Wortherkunft und Definitionsversuche

Nach Kluge (1999) handelt es sich bei 'Schuld' um ein germanisches Rechtswort, das in altnordisch syn, altenglisch synn, altfränkisch sinne und altsächsisch sunda abstammt. Ein weiterer Begriff der hieraus abgeleitet wurde ist 'Sünde’.

strafrechtliche Sicht

kriminologische Sicht

Zitate zum Thema Schuld

Die nachfolgenden Zitate spiegeln beispielhaft die Mehrdimensionalität des Schuldbegriffs wider:

Gar manches ist vorherbestimmt; das Schicksal führt ihn in Bedrängnis. Doch wie er sich dabei benimmt, ist seine Schuld und nicht Verhängnis. Wilhelm Busch

Die Wahlphilosophie der Parlamentskandidaten besteht einfach darin, dass sie ihrer linken Hand erlauben, nicht zu wissen, was ihre rechte tut, und so waschen sie beide Hände in Unschuld. Karl Marx

Wer weiß, was er zu tun hat, und tut es nicht, der macht sich schuldig. Jakobus 4.17

Denke vor allem daran, daß du niemandes Richter zu sein vermagst. Denn es kann auf Erden niemand Richter sein über einen Verbrecher, bevor nicht der Richter selber erkannt hat, daß er genau so ein Verbrecher ist wie der, der vor ihm steht, und daß gerade er an dem Verbrechen des vor ihm Stehenden vielleicht mehr als alle anderen auch die Schuld trägt. Wenn er aber das erkannt hat, dann kann er auch Richter sein. Fjodor M. Dostojewski

Kriminologisch relevantes Spannungsfeld

Bei Betrachtung der verschiedenen Definitionsversuche zeichnet sich eine unumgängliche Verstrickung von 'Schuld' mit den Begriffen Verantwortung, Moral, Gewissen, Scham, Wiedergutmachung, Vergeltung und Strafe ab.

Fallbeispiele

Kritische Begriffsbetrachtung

Hassemer (1993) wirft aus kriminologischer Sicht die Frage auf, ob es im Umgang mit delinquenten Menschen überhaupt um die Feststellung von Schuld und damit dem Erheben von Schuldvorwürfen gehen darf. Aus diesem Grund sei zur kritischen Betrachtung auf die begrifflichen Annäherungen von Nietzsche und Freud hingewiesen.
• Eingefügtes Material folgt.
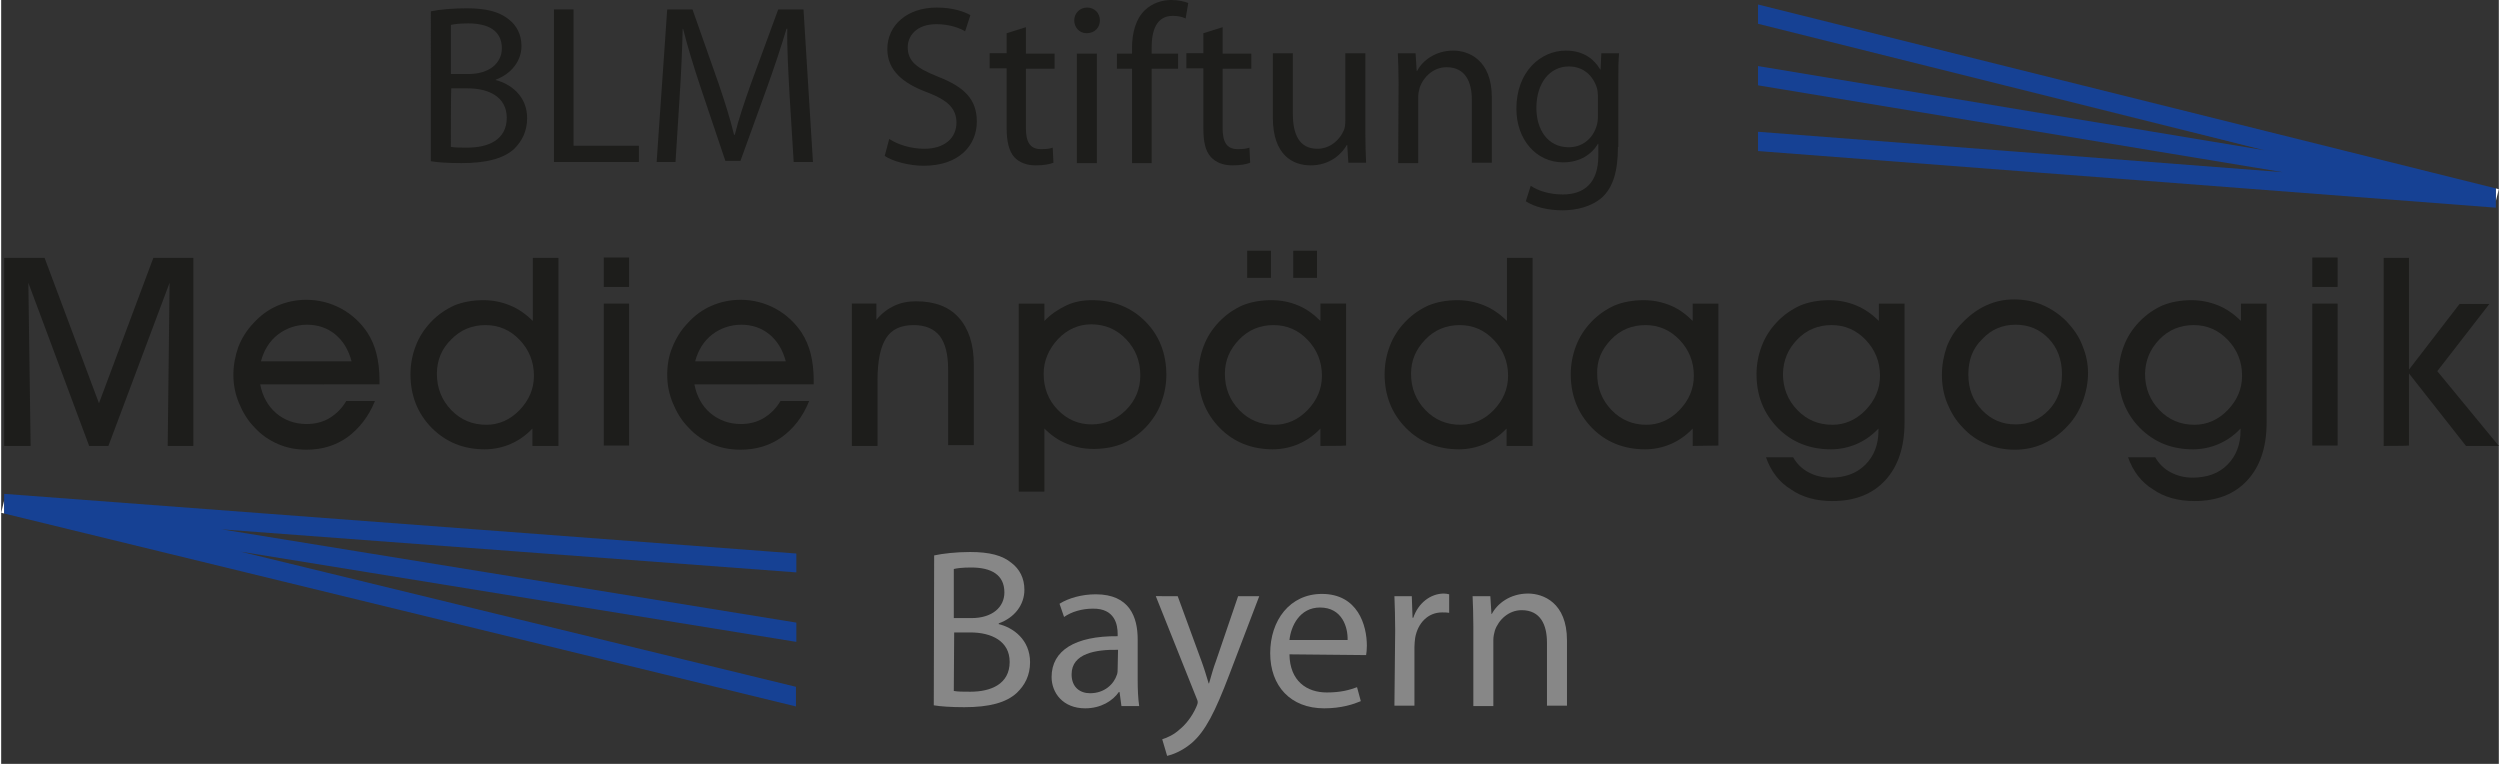 <svg fill="none" height="55" viewBox="0 0 291 89" width="180" xmlns="http://www.w3.org/2000/svg" xmlns:xlink="http://www.w3.org/1999/xlink"><rect x="0" y="0" width="291" height="89" fill="#333333" stroke="none"/><clipPath id="a"><path d="m0 0h291v89h-291z"/></clipPath><g clip-path="url(#a)"><g fill="#1d1d1b"><path d="m3.431 51.953h-3.079v-21.907h4.707l6.335 16.936 6.335-16.936h4.663v21.907h-2.991l.22-19.004-7.127 19.004h-2.244l-7.083-19.004z"/><path d="m30.177 44.783c.264 1.364.88 2.507 1.848 3.343s2.2 1.276 3.563 1.276c.968 0 1.892-.22 2.683-.704s1.452-1.144 1.936-1.98h3.343c-.748 1.848-1.848 3.211-3.211 4.223-1.364.968-2.947 1.452-4.751 1.452-1.232 0-2.332-.22-3.343-.66s-1.936-1.056-2.727-1.936c-.792-.792-1.364-1.76-1.804-2.815s-.66-2.155-.66-3.299.22-2.244.572-3.255c.396-1.012.968-1.936 1.76-2.772.836-.924 1.76-1.584 2.772-2.023 1.012-.44 2.155-.704 3.387-.704 1.452 0 2.815.352 4.047 1.012 1.232.66 2.288 1.628 3.079 2.815.484.748.836 1.584 1.056 2.463.22.88.352 1.936.352 3.079v.484zm10.646-2.683c-.352-1.364-1.012-2.42-1.936-3.167-.924-.748-2.024-1.1-3.255-1.1-1.232 0-2.42.396-3.387 1.144-.968.748-1.628 1.804-1.98 3.123z"/><path d="m61.895 51.953v-2.024c-.748.792-1.628 1.408-2.551 1.804s-1.936.616-2.991.616c-2.507 0-4.531-.836-6.203-2.507-1.628-1.672-2.463-3.739-2.463-6.247 0-1.144.22-2.288.616-3.299.396-1.056 1.012-1.98 1.76-2.771.836-.88 1.76-1.496 2.727-1.936.968-.396 2.112-.616 3.387-.616 1.144 0 2.155.22 3.123.616.968.396 1.848 1.012 2.639 1.804v-7.346h2.991v21.907zm-11.13-8.402c0 1.672.572 3.079 1.672 4.223 1.1 1.144 2.463 1.716 4.091 1.716 1.452 0 2.771-.572 3.871-1.716 1.1-1.144 1.672-2.463 1.672-4.003 0-1.628-.572-3.035-1.672-4.179-1.1-1.144-2.42-1.716-3.959-1.716-1.54 0-2.903.528-4.003 1.672-1.1 1.056-1.672 2.42-1.672 4.003z"/><path d="m73.156 33.433h-2.947v-3.431h2.947zm-2.947 18.52v-16.585h2.947v16.541h-2.947z"/><path d="m80.767 44.783c.264 1.364.88 2.507 1.848 3.343 1.012.836 2.2 1.276 3.563 1.276.968 0 1.892-.22 2.683-.704.792-.484 1.452-1.144 1.936-1.98h3.343c-.748 1.848-1.804 3.211-3.211 4.223-1.364.968-2.947 1.452-4.795 1.452-1.232 0-2.332-.22-3.343-.66s-1.936-1.056-2.727-1.936c-.792-.792-1.364-1.76-1.804-2.815s-.66-2.155-.66-3.299.176-2.244.616-3.255c.396-1.012.968-1.936 1.76-2.772.836-.924 1.76-1.584 2.771-2.023 1.012-.44 2.156-.704 3.387-.704 1.452 0 2.816.352 4.047 1.012 1.232.66 2.288 1.628 3.079 2.815.484.748.836 1.584 1.056 2.463.22.88.352 1.936.352 3.079v.484zm10.646-2.683c-.352-1.364-1.012-2.42-1.936-3.167-.924-.748-2.024-1.1-3.255-1.1-1.232 0-2.42.396-3.387 1.144-.968.748-1.628 1.804-1.98 3.123z"/><path d="m102.103 51.953h-2.992v-16.585h2.86v1.892c.616-.748 1.319-1.276 2.067-1.628.748-.352 1.584-.528 2.552-.528 2.155 0 3.827.616 4.971 1.892s1.759 3.079 1.759 5.455v9.414h-2.991v-8.798c0-1.76-.308-3.035-.968-3.915-.66-.836-1.671-1.276-3.035-1.276-1.496 0-2.552.484-3.212 1.496-.659 1.012-1.011 2.639-1.011 4.927z"/><path d="m121.546 49.93v7.346h-2.991v-21.907h2.991v2.024c.748-.792 1.628-1.364 2.552-1.804.923-.44 1.935-.616 2.991-.616 2.507 0 4.575.836 6.203 2.463 1.627 1.628 2.463 3.739 2.463 6.247 0 1.144-.22 2.244-.616 3.299s-1.012 1.98-1.759 2.771c-.836.88-1.76 1.496-2.728 1.936-.968.396-2.111.616-3.387.616-1.144 0-2.156-.22-3.123-.616-.924-.352-1.804-.968-2.596-1.76zm-.088-6.379c0 1.628.528 3.035 1.628 4.179 1.1 1.144 2.419 1.716 3.959 1.716s2.903-.572 4.003-1.672 1.672-2.463 1.672-4.047c0-1.672-.572-3.079-1.672-4.223-1.1-1.144-2.463-1.716-4.047-1.716-1.452 0-2.771.572-3.871 1.716-1.1 1.188-1.672 2.551-1.672 4.047z"/><path d="m153.704 51.953v-2.024c-.748.792-1.627 1.408-2.551 1.804s-1.936.616-2.992.616c-2.463 0-4.575-.836-6.202-2.507-1.628-1.672-2.464-3.739-2.464-6.247 0-1.144.22-2.288.616-3.299.396-1.056 1.012-1.98 1.76-2.772.835-.88 1.759-1.496 2.727-1.936.968-.396 2.112-.616 3.387-.616 1.144 0 2.2.22 3.124.616.968.396 1.803 1.012 2.595 1.804v-2.024h2.992v16.541c0 .044-2.992.044-2.992.044zm-11.13-8.402c0 1.672.572 3.079 1.672 4.223 1.1 1.144 2.464 1.716 4.091 1.716 1.452 0 2.772-.572 3.871-1.716 1.1-1.144 1.672-2.463 1.672-4.003 0-1.628-.572-3.035-1.672-4.179-1.099-1.144-2.419-1.716-3.959-1.716-1.539 0-2.903.528-4.003 1.672-1.1 1.144-1.672 2.42-1.672 4.003zm2.596-11.174v-3.167h2.771v3.167zm5.367 0v-3.167h2.771v3.167z"/><path d="m175.392 51.953v-2.024c-.748.792-1.628 1.408-2.552 1.804s-1.935.616-2.991.616c-2.464 0-4.575-.836-6.203-2.507s-2.463-3.739-2.463-6.247c0-1.144.22-2.288.615-3.299.396-1.056 1.012-1.98 1.76-2.771.836-.88 1.76-1.496 2.728-1.936.967-.396 2.111-.616 3.387-.616 1.1 0 2.155.22 3.123.616.968.396 1.848 1.012 2.64 1.804v-7.346h2.991v21.907zm-11.13-8.402c0 1.672.572 3.079 1.672 4.223 1.099 1.144 2.463 1.716 4.091 1.716 1.451 0 2.771-.572 3.871-1.716 1.1-1.144 1.672-2.463 1.672-4.003 0-1.628-.572-3.035-1.672-4.179-1.1-1.144-2.42-1.716-3.959-1.716-1.54 0-2.904.528-4.003 1.672-1.1 1.144-1.672 2.42-1.672 4.003z"/><path d="m197.079 51.953v-2.023c-.748.792-1.627 1.408-2.551 1.804s-1.936.616-2.992.616c-2.463 0-4.575-.836-6.202-2.507-1.628-1.672-2.464-3.739-2.464-6.247 0-1.144.22-2.288.616-3.299.396-1.056 1.012-1.98 1.76-2.772.835-.88 1.759-1.496 2.727-1.936.968-.396 2.112-.616 3.387-.616 1.144 0 2.156.22 3.124.616s1.803 1.012 2.595 1.804v-2.024h2.992v16.541zm-11.13-8.402c0 1.672.572 3.079 1.672 4.223s2.464 1.716 4.047 1.716c1.452 0 2.772-.572 3.871-1.716 1.1-1.144 1.672-2.463 1.672-4.003 0-1.628-.572-3.035-1.672-4.179-1.099-1.144-2.419-1.716-3.959-1.716-1.539 0-2.903.528-4.003 1.672s-1.672 2.42-1.628 4.003z"/><path d="m205.613 53.273h3.168c.44.792 1.056 1.364 1.803 1.76.748.396 1.584.616 2.552.616 1.672 0 3.035-.484 4.047-1.496s1.54-2.332 1.54-4.003v-.22c-.748.792-1.628 1.408-2.552 1.804s-1.935.616-2.991.616c-2.464 0-4.575-.836-6.203-2.507-1.627-1.672-2.463-3.739-2.463-6.247 0-1.144.22-2.288.616-3.299.395-1.056 1.011-1.98 1.759-2.772.836-.88 1.76-1.496 2.728-1.936.967-.396 2.111-.616 3.387-.616 1.1 0 2.155.22 3.123.616s1.848 1.012 2.64 1.804v-2.024h2.991v13.857c0 2.859-.748 5.103-2.243 6.731-1.496 1.628-3.564 2.42-6.159 2.42-1.892 0-3.519-.44-4.839-1.364-1.364-.836-2.332-2.112-2.904-3.739zm1.98-9.722c0 1.672.572 3.079 1.672 4.223 1.099 1.144 2.463 1.716 4.091 1.716 1.452 0 2.771-.572 3.871-1.716s1.672-2.463 1.672-4.003c0-1.628-.572-3.035-1.672-4.179s-2.419-1.716-3.959-1.716-2.904.528-4.003 1.672c-1.1 1.144-1.628 2.42-1.672 4.003z"/><path d="m226.113 43.683c0-1.188.22-2.288.572-3.299.396-1.012.968-1.936 1.76-2.727.836-.88 1.759-1.584 2.815-2.068s2.112-.704 3.256-.704c1.187 0 2.331.22 3.343.66s1.935 1.056 2.771 1.892c.792.836 1.452 1.76 1.848 2.816.44 1.056.66 2.111.66 3.211s-.22 2.244-.616 3.299-.968 2.024-1.716 2.815c-.836.924-1.803 1.628-2.859 2.112s-2.156.704-3.343.704c-1.188 0-2.332-.22-3.344-.66s-1.935-1.056-2.727-1.936c-.792-.792-1.364-1.76-1.804-2.815-.44-1.1-.616-2.2-.616-3.299zm3.08-.044c0 1.672.528 3.035 1.583 4.135 1.056 1.1 2.332 1.672 3.916 1.672 1.583 0 2.815-.572 3.871-1.672 1.055-1.1 1.539-2.507 1.539-4.179 0-1.672-.528-3.079-1.539-4.135-1.056-1.1-2.332-1.628-3.871-1.628-1.54 0-2.86.572-3.872 1.672-1.143 1.1-1.627 2.463-1.627 4.135z"/><path d="m247.8 53.273h3.167c.44.792 1.056 1.364 1.804 1.76s1.584.616 2.551.616c1.672 0 3.036-.484 4.048-1.496 1.011-1.012 1.539-2.332 1.539-4.003v-.22c-.748.792-1.627 1.408-2.551 1.804s-1.936.616-2.992.616c-2.507 0-4.531-.836-6.202-2.507-1.628-1.672-2.464-3.739-2.464-6.247 0-1.144.22-2.288.616-3.299.396-1.056 1.012-1.98 1.76-2.772.836-.88 1.759-1.496 2.727-1.936.968-.396 2.112-.616 3.387-.616 1.1 0 2.156.22 3.124.616s1.847 1.012 2.639 1.804v-2.024h2.992v13.857c0 2.859-.748 5.103-2.244 6.731-1.496 1.628-3.563 2.42-6.159 2.42-1.891 0-3.519-.44-4.839-1.364-1.363-.836-2.331-2.112-2.903-3.739zm1.98-9.722c0 1.672.571 3.079 1.671 4.223s2.464 1.716 4.091 1.716c1.452 0 2.772-.572 3.872-1.716 1.099-1.144 1.671-2.463 1.671-4.003 0-1.628-.572-3.035-1.671-4.179-1.1-1.144-2.42-1.716-3.96-1.716-1.539 0-2.903.528-4.003 1.672s-1.627 2.42-1.671 4.003z"/><path d="m272.215 33.433h-2.947v-3.431h2.947zm-2.947 18.52v-16.585h2.947v16.541h-2.947z"/><path d="m277.582 51.953v-21.907h2.947v13.021l5.895-7.654h3.475l-6.07 7.83 7.17 8.71h-3.827l-6.643-8.446v8.402c0 .044-2.947.044-2.947.044z"/><path d="m103.466 16.189c1.012.66 2.508 1.144 4.092 1.144 2.331 0 3.739-1.232 3.739-3.035 0-1.628-.968-2.595-3.344-3.519-2.903-1.056-4.707-2.595-4.707-5.059 0-2.771 2.288-4.839 5.763-4.839 1.804 0 3.124.44 3.915.88l-.615 1.892c-.572-.352-1.76-.836-3.344-.836-2.419 0-3.343 1.452-3.343 2.683 0 1.672 1.1 2.463 3.519 3.431 3.036 1.188 4.531 2.595 4.531 5.235 0 2.728-2.023 5.147-6.202 5.147-1.716 0-3.608-.528-4.532-1.144z"/><path d="m119.391 3.167v3.079h3.343v1.76h-3.343v6.907c0 1.584.44 2.463 1.76 2.463.616 0 1.012-.044 1.363-.176l.088 1.76c-.439.176-1.143.308-2.067.308-1.1 0-1.936-.352-2.508-.968-.615-.704-.879-1.848-.879-3.343v-6.995h-1.98v-1.76h1.98v-2.332z"/><path d="m126.473 3.871c-.88 0-1.452-.704-1.452-1.496 0-.792.616-1.496 1.496-1.496s1.496.66 1.496 1.496c0 .836-.616 1.496-1.54 1.496zm-1.144 15.133v-12.757h2.332v12.757z"/><path d="m131.753 19.004v-10.998h-1.76v-1.76h1.76v-.616c0-1.804.44-3.431 1.495-4.443.88-.836 2.024-1.188 3.08-1.188.836 0 1.54.176 1.979.352l-.307 1.804c-.352-.176-.836-.308-1.496-.308-1.936 0-2.464 1.76-2.464 3.695v.704h3.08v1.76h-3.08v10.998z"/><path d="m142.31 3.167v3.079h3.343v1.76h-3.343v6.907c0 1.584.44 2.463 1.76 2.463.616 0 1.011-.044 1.363-.176l.088 1.76c-.44.176-1.143.308-2.067.308-1.1 0-1.936-.352-2.508-.968-.66-.704-.879-1.848-.879-3.343v-6.995h-1.98v-1.76h1.98v-2.332z"/><path d="m158.939 15.485c0 1.32.044 2.463.088 3.475h-2.068l-.132-2.068h-.044c-.572 1.012-1.935 2.376-4.223 2.376-2.023 0-4.399-1.144-4.399-5.587v-7.478h2.332v7.039c0 2.42.748 4.091 2.859 4.091 1.54 0 2.64-1.1 3.079-2.155.132-.264.176-.704.176-1.144v-7.83h2.332z"/><path d="m162.81 9.678c0-1.364-.044-2.42-.088-3.475h2.067l.132 2.068h.044c.616-1.188 2.112-2.376 4.223-2.376 1.76 0 4.487 1.056 4.487 5.455v7.61h-2.331v-7.346c0-2.068-.748-3.783-2.947-3.783-1.496 0-2.684 1.1-3.124 2.375-.088.308-.176.704-.176 1.1v7.698h-2.331z"/><path d="m188.369 17.113c0 2.947-.616 4.707-1.804 5.851-1.276 1.144-3.079 1.54-4.663 1.54s-3.211-.352-4.267-1.056l.572-1.804c.836.572 2.155 1.012 3.739 1.012 2.376 0 4.135-1.232 4.135-4.487v-1.408h-.044c-.704 1.188-2.067 2.155-4.047 2.155-3.167 0-5.455-2.683-5.455-6.247 0-4.311 2.816-6.775 5.763-6.775 2.2 0 3.387 1.144 4.003 2.2h.044l.088-1.892h2.068c-.088.88-.088 1.936-.088 3.475v7.434zm-2.332-5.895c0-.352-.044-.704-.132-1.012-.44-1.364-1.539-2.463-3.255-2.463-2.2 0-3.783 1.892-3.783 4.839 0 2.463 1.275 4.575 3.783 4.575 1.452 0 2.727-.88 3.211-2.42.132-.352.176-.836.176-1.232z"/></g><path d="m.352 59.74v-1.452l-.352 1.452.352.088v-.044z" fill="#fff"/><path d="m92.644 64.491-92.293-6.951v.572.176 1.452.044.044l92.249 22.479v-2.288l-64.711-15.749 64.755 10.514v-2.244l-66.954-10.866 66.954 5.015z" fill="#164194"/><g fill="#878787"><path d="m108.701 64.71c1.012-.22 2.596-.396 4.179-.396 2.288 0 3.784.396 4.839 1.276.924.704 1.496 1.76 1.496 3.123 0 1.76-1.144 3.255-2.991 3.915v.088c1.671.396 3.651 1.804 3.651 4.443 0 1.54-.616 2.683-1.54 3.563-1.232 1.144-3.211 1.672-6.115 1.672-1.583 0-2.815-.088-3.563-.22zm2.288 7.303h2.067c2.42 0 3.828-1.276 3.828-2.991 0-2.068-1.54-2.903-3.872-2.903-1.055 0-1.671.088-2.023.176zm0 8.49c.484.088 1.1.088 1.935.088 2.376 0 4.575-.88 4.575-3.475 0-2.42-2.111-3.431-4.575-3.431h-1.891z"/><path d="m132.413 79.184c0 1.1.044 2.2.176 3.079h-2.068l-.22-1.628h-.088c-.704 1.012-2.067 1.892-3.915 1.892-2.595 0-3.915-1.804-3.915-3.651 0-3.079 2.727-4.795 7.698-4.751v-.264c0-1.056-.308-2.991-2.903-2.947-1.232 0-2.464.352-3.343.968l-.528-1.54c1.055-.66 2.595-1.1 4.223-1.1 3.959 0 4.883 2.683 4.883 5.235zm-2.288-3.475c-2.551-.044-5.411.396-5.411 2.859 0 1.54 1.012 2.2 2.156 2.2 1.672 0 2.771-1.056 3.123-2.155.088-.22.088-.484.088-.748z"/><path d="m137.076 69.461 2.771 7.566c.308.836.616 1.848.836 2.595h.044c.22-.748.484-1.76.836-2.683l2.551-7.479h2.464l-3.475 9.106c-1.672 4.399-2.816 6.643-4.399 8.006-1.144.968-2.288 1.364-2.86 1.496l-.572-1.936c.572-.176 1.364-.528 2.024-1.144.616-.484 1.408-1.408 1.935-2.595.088-.22.176-.396.176-.572 0-.132-.044-.308-.176-.572l-4.707-11.79z"/><path d="m150.097 76.236c.044 3.123 2.024 4.443 4.355 4.443 1.672 0 2.684-.308 3.519-.616l.44 1.628c-.835.352-2.243.836-4.267.836-3.915 0-6.29-2.595-6.29-6.423s2.287-6.907 6.026-6.907c4.179 0 5.235 3.651 5.235 6.027 0 .484-.044.836-.088 1.1zm6.775-1.672c.044-1.452-.616-3.783-3.212-3.783-2.375 0-3.387 2.156-3.563 3.783z"/><path d="m162.414 73.465c0-1.496-.044-2.815-.088-4.003h2.024l.088 2.507h.088c.572-1.716 2.023-2.815 3.563-2.815.22 0 .44.044.616.088v2.155c-.264-.044-.484-.044-.836-.044-1.628 0-2.815 1.232-3.123 2.947-.044.352-.088.704-.088 1.1v6.819h-2.332z"/><path d="m171.521 72.937c0-1.364-.044-2.42-.088-3.475h2.067l.132 2.068h.044c.616-1.188 2.112-2.376 4.223-2.376 1.76 0 4.531 1.056 4.531 5.455v7.61h-2.331v-7.346c0-2.067-.748-3.783-2.948-3.783-1.495 0-2.683 1.1-3.123 2.376-.088.308-.176.704-.176 1.1v7.698h-2.331z"/></g><path d="m290.647 21.952v.044 1.452l.088-.352.264-1.056z" fill="#fff"/><path d="m290.648 21.951-85.959-21.424v2.244l58.992 14.737-58.992-9.81v2.244l61.148 10.118-61.148-4.707v2.244l85.959 6.599v-.572-.176-1.452z" fill="#164194"/><path d="m50.062 1.32c1.012-.22 2.595-.352 4.179-.352 2.288 0 3.783.396 4.883 1.276.924.704 1.496 1.76 1.496 3.123 0 1.716-1.144 3.211-2.991 3.915v.044c1.672.44 3.651 1.804 3.651 4.443 0 1.54-.616 2.683-1.496 3.563-1.232 1.144-3.255 1.672-6.159 1.672-1.584 0-2.815-.088-3.563-.22zm2.332 7.302h2.068c2.42 0 3.871-1.276 3.871-2.991 0-2.068-1.584-2.903-3.915-2.903-1.056 0-1.672.088-2.024.176 0-.044 0 5.719 0 5.719zm0 8.49c.44.088 1.1.088 1.936.088 2.376 0 4.575-.88 4.575-3.475 0-2.42-2.068-3.431-4.575-3.431h-1.892c-.044.044-.044 6.863-.044 6.819z" fill="#1d1d1b"/><path d="m64.402 1.1h2.288v15.881h7.61v1.892h-9.898z" fill="#1d1d1b"/><path d="m91.853 11.042c-.132-2.464-.308-5.455-.264-7.698h-.088c-.616 2.068-1.364 4.311-2.244 6.775l-3.123 8.622h-1.76l-2.859-8.49c-.836-2.507-1.54-4.795-2.068-6.907h-.044c-.044 2.2-.176 5.191-.352 7.874l-.484 7.654h-2.2l1.232-17.772h2.947l3.035 8.622c.748 2.2 1.364 4.135 1.804 5.983h.088c.44-1.804 1.1-3.739 1.892-5.983l3.167-8.622h2.947l1.1 17.772h-2.244z" fill="#1d1d1b"/></g></svg>

Nietzsche nähert sich dem Begriff der Schuld über "materielle Schulden", da er davon ausgeht, dass dieser hieraus abgeleitet wurde. Dem Mensch liege nach Nietzsche seit jeher daran, Wertbemessung vorzunehmen und Wertigkeiten gegeneinander abzuwiegen. Eben hierin sei der Ursprung für die Übertragung des Gläubiger-Schuldner-Verhältnisses auch auf moralische Schulden zu suchen, was dazu führe, dass ein herbeigeführter Schaden ausgeglichen bzw. wettgemacht werden muss - materiell oder in Form seelischer Wiedergutmachung. Nietzsche erachtet das Bedürfnis hinsichtlich der Schuldfrage demnach schlicht als Legitimation für eine rächende Strafe.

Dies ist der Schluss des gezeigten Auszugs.